佐賀県は、唐津市や伊万里市など県西部や県中部の13市町について、計174カ所の大規模盛り土造成地の位置を示した地図を県ホームページなどで公表した。昨年9月に公表した県東部分と合わせ計19市町分となり、県の調査は完了した。佐賀市も独自に調べ、本年度中の公表を目指す。

 県は1月末に唐津市や伊万里市、武雄市、鹿島市、嬉野市、東松浦郡玄海町、西松浦郡有田町、杵島郡大町町、江北町、白石町、藤津郡太良町の11市町を、2月25日に多久と小城の2市の調査結果を公表した。

 全174カ所のうち169カ所が谷や沢を埋めて造成した宅地(谷埋め型)で、5カ所が山の斜面などに盛り土をした宅地(腹付け型)だった。

 市町別に見ると、最も箇所数が多かったのは伊万里市の54カ所で、次いで唐津市32カ所、多久市24カ所、武雄市23カ所だった。
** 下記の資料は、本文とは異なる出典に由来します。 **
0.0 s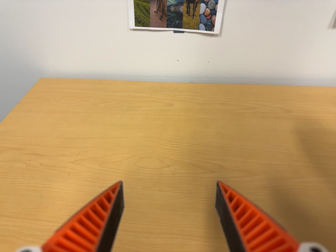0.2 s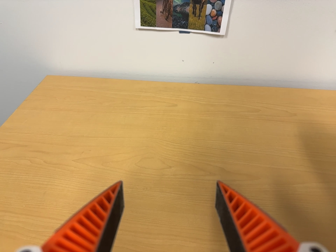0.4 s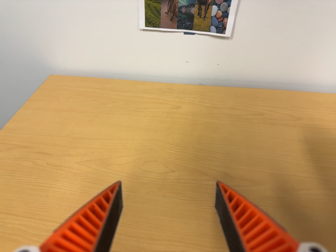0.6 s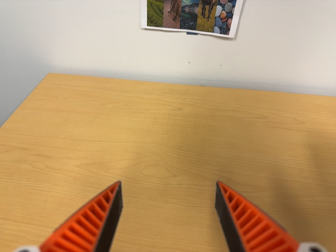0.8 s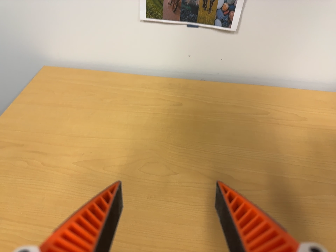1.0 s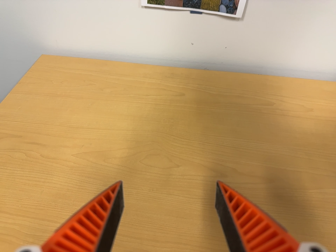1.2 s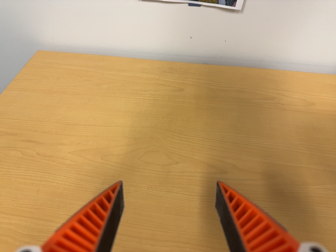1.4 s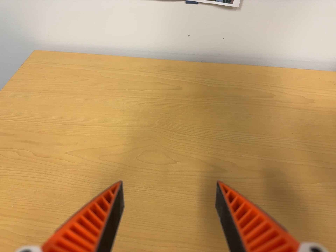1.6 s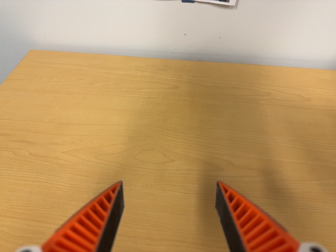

県都市計画課によると、公共施設では伊万里市役所などが該当し、西部地域では高台に設けられた小中学校も当てはまったという。

 1995年の阪神・淡路大震災や2011年の東日本大震災では、大規模盛り土造成地で崖崩れや土砂の流出による被害があった。国は予防対策を進めるため、15年にガイドラインを示し、全国の自治体に大規模盛り土造成地の位置を示した地図を作成、公表するように指示し、19年度中の公表完了を目指している。